Pandemic Backlash Jeopardizes Public Health Powers, Leaders (KHN, Dec. 15/ongoing): Since the summer, reporters at KHN and The Associated Press have produced stories in the publications’ joint “Underfunded and Under Threat” series, highlighting how public health departments across the nation were ill-prepared for the pandemic. (The dataset behind this series was a featured source in one of my early issues back in August.) This story focuses on the leaders of local public health agencies who have faced pressure to leave their jobs during the pandemic, putting faces to the impacts of budget cuts and anti-mask threats.
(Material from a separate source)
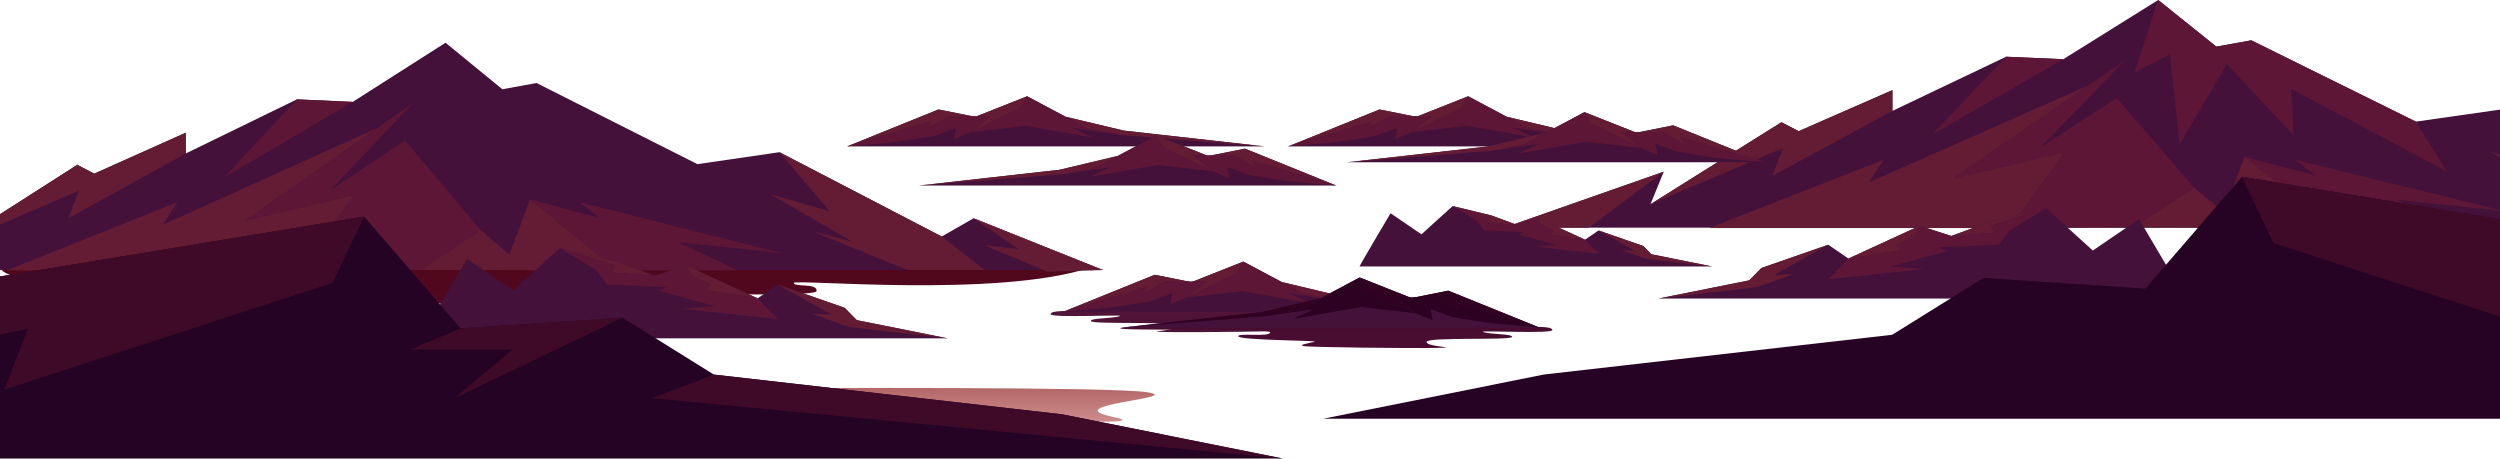 <?xml version="1.0" encoding="UTF-8"?> <svg xmlns="http://www.w3.org/2000/svg" width="1366" height="251" viewBox="0 0 1366 251" fill="none"><path d="M590.677 169.716C583.519 170.195 574.467 169.346 574.03 171.615C573.593 173.885 614.263 171.754 612.004 172.665C608.325 174.148 595.667 173.669 596.05 175.414C596.487 177.452 642.366 175.306 642.767 178.147C643.167 180.988 622.659 181.096 637.248 181.42C651.837 181.744 706.586 181.049 709.628 180.478C713.034 179.83 708.863 179.243 703.854 178.023C701.341 177.405 744.743 177.266 745.617 175.136C746.492 173.005 728.424 175.707 728.205 172.928C727.969 170.133 820.711 172.634 809.127 170.318C797.544 168.002 590.677 169.716 590.677 169.716Z" fill="url(#paint0_linear_144_11764)"></path><path d="M1.02 147.791C6.666 152.053 14.954 152.346 22.512 152.408C50.433 152.624 117.167 150.679 115.619 156.731C114.07 162.784 68.92 159.896 70.213 164.544C71.506 169.191 241.983 162.166 241.746 166.443C241.491 170.735 228.086 168.296 226.392 171.847C224.698 175.398 335.472 169.902 336.291 166.289C337.111 162.691 305.256 165.887 306.057 161.811C306.859 157.735 445.808 163.602 446.191 159.047C446.573 154.492 434.37 157.055 433.678 154.631C432.986 152.223 544.98 163.015 595.686 146.217C481.962 138.08 367.746 136.443 253.639 134.822C215.409 134.281 177.198 133.726 138.968 133.185C113.214 132.815 87.26 132.29 61.58 134.343C40.489 136.057 19.197 137.647 1.02 147.791Z" fill="url(#paint1_linear_144_11764)"></path><path d="M63.529 214.848C30.472 217.843 236.356 214.23 212.605 222.907C188.855 231.585 205.047 227.802 259.049 227.802C313.052 227.802 421.53 221.595 397.58 227.802C373.629 234.009 388.728 231.322 450.162 228.62C511.614 225.918 640.6 234.534 608.199 227.802C575.797 221.07 649.27 217.519 626.376 214.261C588.073 208.795 63.529 214.848 63.529 214.848Z" fill="url(#paint2_linear_144_11764)"></path><path d="M602.713 147.545L531.973 119.258L514.543 129.233L425.898 83.16L381.057 89.691L293.141 45.347L274.491 48.775L243.437 23.345L192.75 55.661L162.224 54.287L101.519 83.855V72.506L51.469 94.894L42.216 90.046L-27.686 134.729L-20.62 117.02L-105.822 147.545H602.713Z" fill="#44113A"></path><path d="M572.497 148.486L537.472 133.88L556.669 136.196L531.972 119.258L602.712 147.544L572.497 148.486Z" fill="#641C34"></path><path d="M538.056 147.529L514.542 129.233L425.898 83.16L453.437 115.491L420.962 106.165L466.022 132.197L444.421 126.608L495.928 147.529H538.056Z" fill="#641C34"></path><path d="M164.208 147.761L193.459 106.459L133.992 120.602L205.898 70.098L88.75 122.918L96.855 110.504L3.603 147.761H164.208Z" fill="#641C34"></path><path d="M337.107 147.761L289.643 108.929L278.333 139.099L262.651 125.728L229.922 147.529L337.107 147.761Z" fill="#641C34"></path><path d="M192.748 55.661L122.499 96.932L162.222 54.287L192.748 55.661Z" fill="#5D1636"></path><path d="M101.518 83.855L37.407 119.259L43.035 104.143L-27.688 134.73L42.215 90.046L51.468 94.894L101.518 72.506V83.855Z" fill="#641C34"></path><path d="M229.922 147.529L262.652 125.728L221.289 76.814L180.819 103.618L225.369 56.51L205.899 70.097L133.993 120.602L193.459 106.459L164.209 147.761L229.922 147.529Z" fill="#5D1636"></path><path d="M403.058 147.761L370.62 132.321L428.228 138.481L316.745 110.535L327.782 119.259L289.643 108.929L337.107 147.761H403.058Z" fill="#5D1636"></path><path d="M1546.81 124.394L1474.45 96.063L1456.61 106.047L1365.9 59.907L1320.03 66.453L1230.1 22.032L1211 25.47L1179.24 0L1127.37 32.36L1096.15 30.985L1034.03 60.595V49.235L982.823 71.666L973.355 66.797L901.839 111.562L909.065 93.821L821.904 124.394H1546.81Z" fill="#44113A"></path><path d="M1480.66 124.366L1456.61 106.047L1365.9 59.907L1394.08 92.294L1360.85 82.956L1406.95 109.018L1384.85 103.42L1437.55 124.366H1480.66Z" fill="#641C34"></path><path d="M1320.03 66.453L1336.94 93.656L1251.9 48.547L1253.29 73.99L1216.71 34.959L1190.97 78.9L1185.63 29.747L1166.29 39.58L1179.24 0L1211 25.47L1230.1 22.032L1320.03 66.453Z" fill="#5D1636"></path><path d="M1098.16 124.6L1128.1 83.245L1067.26 97.411L1140.84 46.828L1020.97 99.721L1029.26 87.289L933.856 124.6H1098.16Z" fill="#641C34"></path><path d="M1275.06 124.6L1226.5 85.707L1214.94 115.936L1198.89 102.527L1165.4 124.366L1275.06 124.6Z" fill="#641C34"></path><path d="M1127.37 32.36L1055.5 73.701L1096.14 30.985L1127.37 32.36Z" fill="#5D1636"></path><path d="M1034.03 60.595L968.437 96.063L974.195 80.921L901.84 111.562L973.356 66.797L982.824 71.666L1034.03 49.235V60.595Z" fill="#641C34"></path><path d="M868.049 124.394L909.065 93.821L821.904 124.394H868.049Z" fill="#641C34"></path><path d="M1165.4 124.366L1198.89 102.527L1156.56 53.553L1115.16 80.399L1160.76 33.213L1140.84 46.828L1067.26 97.411L1128.1 83.245L1098.16 124.6L1165.4 124.366Z" fill="#5D1636"></path><path d="M1342.55 124.6L1309.35 109.155L1368.29 115.317L1254.24 87.33L1265.53 96.063L1226.5 85.707L1275.06 124.6H1342.55Z" fill="#5D1636"></path><path d="M461.53 168.188L424.994 155.465L413.957 163.015L375.016 145.121L357.768 150.679L337.206 143.129L305.879 135.579L280.435 158.631L255.209 141.43C255.209 141.43 229.401 184.863 229.947 184.863C230.494 184.863 517.773 184.863 517.773 184.863L468.141 174.92L461.53 168.188Z" fill="#44113A"></path><path d="M424.995 155.465L461.531 168.188L468.142 174.935L517.773 184.879L463.953 178.641L443.791 171.492L454.5 171.971L424.995 155.465Z" fill="#641C34"></path><path d="M413.956 163.016L384.979 158.399L388.366 155.465L377.967 150.694L375.016 145.121L413.956 163.016Z" fill="#641C34"></path><path d="M357.768 150.694L333.872 148.872L336.385 145.121L305.878 135.579L337.205 143.129L357.768 150.694Z" fill="#641C34"></path><path d="M413.956 163.015L425.03 174.364L372.302 168.682L390.88 167.37L360.008 158.878L364.397 156.963L331.832 155.465L325.676 147.437L305.878 135.579L336.385 145.121L333.872 148.872L357.768 150.694L375.016 145.121L377.966 150.694L388.366 155.465L384.978 158.399L413.956 163.015Z" fill="#5D1636"></path><path d="M581.025 170.319L630.912 150.139L650.983 154.169L679.359 142.928L700.614 154.169L732.069 161.672L809.129 170.319H581.025Z" fill="#44113A"></path><path d="M581.025 170.319L626.65 156.623L625.138 160.252L636.74 153.767L650.983 154.169L630.912 150.139L581.025 170.319Z" fill="#641C34"></path><path d="M648.505 162.522L675.898 149.135L679.358 142.928L650.982 154.169L659.415 153.767L648.505 162.522Z" fill="#641C34"></path><path d="M700.615 154.168L711.489 160.236L729.957 164.035L809.13 170.319L732.07 161.672L700.615 154.168Z" fill="#641C34"></path><path d="M607.963 167.864L628.198 164.699L640.583 160.236L639.399 166.366L648.506 162.522L659.416 153.767H636.74L625.138 160.252L626.65 156.623L581.025 170.319L607.963 167.864Z" fill="#5D1636"></path><path d="M648.505 162.522L678.684 159.078L715.475 165.548L704.438 160.236L729.955 164.035L711.487 160.236L679.358 142.928L675.898 149.135L648.505 162.522Z" fill="#5D1636"></path><path d="M831.562 178.388C838.72 178.867 847.772 178.018 848.209 180.287C848.647 182.557 807.976 180.426 810.235 181.337C813.914 182.819 826.572 182.341 826.189 184.086C825.752 186.124 779.873 183.977 779.472 186.818C779.072 189.659 799.58 189.767 784.991 190.092C770.402 190.416 715.653 189.721 712.611 189.15C709.205 188.501 713.376 187.915 718.385 186.695C720.898 186.077 677.496 185.938 676.622 183.808C675.747 181.677 693.815 184.379 694.034 181.6C694.27 178.805 601.528 181.306 613.112 178.99C624.695 176.674 831.562 178.388 831.562 178.388Z" fill="url(#paint3_linear_144_11764)"></path><path d="M841.217 178.991L791.331 158.811L771.26 162.84L742.883 151.6L721.628 162.84L690.174 170.344L613.113 178.991H841.217Z" fill="#44113A"></path><path d="M841.217 178.991L795.593 165.295L797.104 168.924L785.502 162.439L771.26 162.84L791.331 158.811L841.217 178.991Z" fill="#310121"></path><path d="M773.738 171.193L746.345 157.807L742.884 151.6L771.261 162.84L762.828 162.439L773.738 171.193Z" fill="#310121"></path><path d="M721.627 162.84L710.754 168.908L692.285 172.706L613.112 178.991L690.173 170.344L721.627 162.84Z" fill="#310121"></path><path d="M814.28 176.536L794.045 173.371L781.659 168.908L782.843 175.038L773.737 171.193L762.827 162.439H785.502L797.104 168.924L795.593 165.295L841.217 178.991L814.28 176.536Z" fill="#2C0122"></path><path d="M773.738 171.193L743.558 167.75L706.767 174.22L717.805 168.908L692.288 172.707L710.756 168.908L742.884 151.6L746.345 157.807L773.738 171.193Z" fill="#2C0122"></path><path d="M703.881 79.991L753.767 59.811L773.838 63.84L802.215 52.6L823.47 63.84L854.924 71.344L931.985 79.991H703.881Z" fill="#44113A"></path><path d="M703.881 79.991L749.505 66.295L747.994 69.924L759.595 63.439L773.838 63.84L753.767 59.81L703.881 79.991Z" fill="#641C34"></path><path d="M771.36 72.194L798.753 58.807L802.214 52.6L773.837 63.84L782.27 63.439L771.36 72.194Z" fill="#641C34"></path><path d="M823.471 63.84L834.344 69.908L852.812 73.707L931.986 79.991L854.925 71.344L823.471 63.84Z" fill="#641C34"></path><path d="M730.818 77.536L751.053 74.371L763.438 69.908L762.255 76.038L771.361 72.194L782.271 63.439H759.595L747.994 69.924L749.505 66.295L703.881 79.991L730.818 77.536Z" fill="#5D1636"></path><path d="M771.36 72.194L801.54 68.75L838.331 75.22L827.293 69.908L852.81 73.707L834.342 69.908L802.214 52.6L798.753 58.807L771.36 72.194Z" fill="#5D1636"></path><path d="M964.073 88.662L914.186 68.482L894.115 72.512L865.739 61.272L844.484 72.512L813.029 80.016L735.969 88.662H964.073Z" fill="#44113A"></path><path d="M964.073 88.662L918.448 74.967L919.96 78.596L908.358 72.111L894.115 72.512L914.186 68.482L964.073 88.662Z" fill="#641C34"></path><path d="M896.593 80.865L869.2 67.479L865.74 61.272L894.116 72.512L885.683 72.111L896.593 80.865Z" fill="#641C34"></path><path d="M844.483 72.512L833.609 78.58L815.141 82.378L735.968 88.662L813.028 80.016L844.483 72.512Z" fill="#641C34"></path><path d="M937.135 86.208L916.9 83.042L904.515 78.58L905.699 84.71L896.592 80.865L885.682 72.111H908.358L919.96 78.596L918.448 74.967L964.073 88.662L937.135 86.208Z" fill="#5D1636"></path><path d="M896.593 80.865L866.414 77.422L829.623 83.892L840.66 78.58L815.143 82.378L833.612 78.58L865.74 61.272L869.2 67.479L896.593 80.865Z" fill="#5D1636"></path><path d="M462.881 79.991L512.767 59.811L532.838 63.84L561.215 52.6L582.47 63.84L613.924 71.344L690.985 79.991H462.881Z" fill="#44113A"></path><path d="M462.881 79.991L508.505 66.295L506.994 69.924L518.595 63.439L532.838 63.84L512.767 59.81L462.881 79.991Z" fill="#641C34"></path><path d="M530.36 72.194L557.753 58.807L561.214 52.6L532.837 63.84L541.27 63.439L530.36 72.194Z" fill="#641C34"></path><path d="M582.471 63.84L593.344 69.908L611.812 73.707L690.986 79.991L613.925 71.344L582.471 63.84Z" fill="#641C34"></path><path d="M489.818 77.536L510.053 74.371L522.438 69.908L521.255 76.038L530.361 72.194L541.271 63.439H518.595L506.994 69.924L508.505 66.295L462.881 79.991L489.818 77.536Z" fill="#5D1636"></path><path d="M530.36 72.194L560.54 68.75L597.331 75.22L586.293 69.908L611.81 73.707L593.342 69.908L561.214 52.6L557.753 58.807L530.36 72.194Z" fill="#5D1636"></path><path d="M730.105 101.391L680.218 81.21L660.147 85.24L631.771 74L610.516 85.24L579.062 92.744L502.001 101.391H730.105Z" fill="#44113A"></path><path d="M730.105 101.391L684.48 87.695L685.992 91.324L674.39 84.839L660.147 85.24L680.218 81.21L730.105 101.391Z" fill="#641C34"></path><path d="M662.625 93.593L635.233 80.207L631.772 74L660.149 85.24L651.716 84.839L662.625 93.593Z" fill="#641C34"></path><path d="M610.515 85.24L599.642 91.308L581.173 95.106L502 101.39L579.06 92.744L610.515 85.24Z" fill="#641C34"></path><path d="M703.167 98.936L682.932 95.77L670.547 91.308L671.731 97.438L662.624 93.593L651.715 84.839H674.39L685.992 91.324L684.48 87.695L730.105 101.391L703.167 98.936Z" fill="#5D1636"></path><path d="M662.625 93.593L632.446 90.15L595.655 96.62L606.692 91.308L581.175 95.106L599.644 91.308L631.772 74L635.233 80.207L662.625 93.593Z" fill="#5D1636"></path><path d="M-109.752 169.145L198.946 118.348L251.673 179.428L340.117 173.592L390.076 204.673L580.205 226.366L701.051 250.56H-253L-109.752 169.145Z" fill="#250324"></path><path d="M-101.285 184.462L-129.26 209.027L15.244 179.675L2.458 212.825L181.714 154.524L198.944 118.348L-109.754 169.145L-168.346 202.449L-101.285 184.462Z" fill="#3F0A28"></path><path d="M251.674 179.429L224.026 191.04H280.05L248.304 217.55L340.118 173.592L251.674 179.429Z" fill="#3F0A28"></path><path d="M390.076 204.672L356.253 217.549L701.05 250.56L580.205 226.366L390.076 204.672Z" fill="#3F0A28"></path><path d="M-109.752 169.145L-9.032 162.908L-40.031 181.173L109.846 151.714V166.443L198.946 118.348L-109.752 169.145Z" fill="#3F0A28"></path><path d="M962.42 146.44L998.956 133.718L1009.99 141.268L1048.93 123.373L1066.18 128.931L1086.74 121.381L1118.07 113.831L1143.52 136.883L1168.74 119.683C1168.74 119.683 1194.55 163.116 1194 163.116C1193.46 163.116 906.178 163.116 906.178 163.116L955.809 153.172L962.42 146.44Z" fill="#44113A"></path><path d="M998.956 133.718L962.42 146.44L955.808 153.188L906.177 163.131L959.997 156.893L980.159 149.744L969.45 150.223L998.956 133.718Z" fill="#641C34"></path><path d="M1009.99 141.268L1038.97 136.651L1035.58 133.718L1045.98 128.947L1048.93 123.373L1009.99 141.268Z" fill="#641C34"></path><path d="M1066.18 128.947L1090.08 127.125L1087.56 123.373L1118.07 113.831L1086.75 121.381L1066.18 128.947Z" fill="#641C34"></path><path d="M1009.99 141.268L998.921 152.616L1051.65 146.934L1033.07 145.622L1063.94 137.13L1059.55 135.215L1092.12 133.718L1098.27 125.689L1118.07 113.831L1087.56 123.373L1090.08 127.125L1066.18 128.947L1048.93 123.373L1045.98 128.947L1035.58 133.718L1038.97 136.651L1009.99 141.268Z" fill="#5D1636"></path><path d="M897.902 134.428L873.445 125.912L866.057 130.966L839.992 118.987L828.447 122.708L814.682 117.654L793.713 112.6L776.681 128.03L759.796 116.517C759.796 116.517 742.521 145.59 742.887 145.59C743.252 145.59 935.549 145.59 935.549 145.59L902.327 138.934L897.902 134.428Z" fill="#44113A"></path><path d="M873.446 125.912L897.902 134.428L902.328 138.944L935.55 145.6L899.524 141.425L886.028 136.639L893.196 136.96L873.446 125.912Z" fill="#641C34"></path><path d="M866.057 130.966L846.66 127.876L848.928 125.912L841.966 122.718L839.991 118.987L866.057 130.966Z" fill="#641C34"></path><path d="M828.446 122.718L812.451 121.499L814.133 118.987L793.712 112.6L814.682 117.654L828.446 122.718Z" fill="#641C34"></path><path d="M866.057 130.966L873.469 138.562L838.175 134.759L850.61 133.88L829.946 128.196L832.884 126.914L811.085 125.912L806.965 120.537L793.712 112.6L814.133 118.987L812.451 121.499L828.446 122.718L839.991 118.987L841.966 122.718L848.928 125.912L846.66 127.875L866.057 130.966Z" fill="#5D1636"></path><path d="M1533.7 147.398L1225 96.6L1172.28 157.681L1083.83 151.844L1033.87 182.925L843.745 204.618L722.899 228.813H1676.95L1533.7 147.398Z" fill="#260324"></path><path d="M1525.23 162.714L1553.21 187.279L1408.7 157.928L1421.49 191.077L1242.23 132.776L1225 96.6L1533.7 147.398L1592.29 180.702L1525.23 162.714Z" fill="#3F0A28"></path><path d="M1533.7 147.398L1432.98 141.16L1463.98 159.425L1314.1 129.966V144.696L1225 96.6L1533.7 147.398Z" fill="#3F0A28"></path><defs><linearGradient id="paint0_linear_144_11764" x1="692.083" y1="148.692" x2="692.083" y2="197.524" gradientUnits="userSpaceOnUse"><stop stop-color="#5D1636"></stop><stop offset="0.996" stop-color="#44113A"></stop></linearGradient><linearGradient id="paint1_linear_144_11764" x1="298.349" y1="66.74" x2="298.349" y2="224.856" gradientUnits="userSpaceOnUse"><stop stop-color="#560000"></stop><stop offset="0.996" stop-color="#4D0D35"></stop></linearGradient><linearGradient id="paint2_linear_144_11764" x1="345.414" y1="160.931" x2="345.414" y2="238.209" gradientUnits="userSpaceOnUse"><stop stop-color="#560000"></stop><stop offset="0.996" stop-color="#980505" stop-opacity="0.4"></stop></linearGradient><linearGradient id="paint3_linear_144_11764" x1="730.156" y1="157.363" x2="730.156" y2="206.196" gradientUnits="userSpaceOnUse"><stop stop-color="#400B29"></stop><stop offset="0.996" stop-color="#4F0E36"></stop></linearGradient></defs></svg>

1 in 5 Prisoners in the U.S. Has Had COVID-19 (The Marshall Project, Dec. 18/ongoing): Similarly to the KHN story above, this article by criminal justice-focused outlet The Marshall Project is part of a broader reporting project. Since March, the Project has been compiling data on COVID-19 cases and deaths in prisons around the country, in partnership with The Associated Press. (Dataset available here.) This December article visualizes the full brunt of the pandemic in each state’s prisons—in South Dakota, three out of five prisoners have been infected—while also telling several individual stories about the people who have gotten sick in prison and the advocates who are fighting for them.
Remembering the New Yorkers We’ve Lost to COVID‑19(THE CITY, ongoing): Nonprofit local newsroom THE CITY is building an online memorial of the New Yorkers who have died due to COVID-19. As of December 18, the memorial includes 1,946 names—remembering about 8% of the over 24,000 New Yorkers who have been lost. Earlier in December, THE CITY hosted a two-day event series to honor the dead, including readings of poetry and the obituaries written by the publication’s staff. I also participated in a protest last summer during which hundreds of these names were read aloud; it was a sobering reminder of the people behind the COVID-19 data I use in my work every day.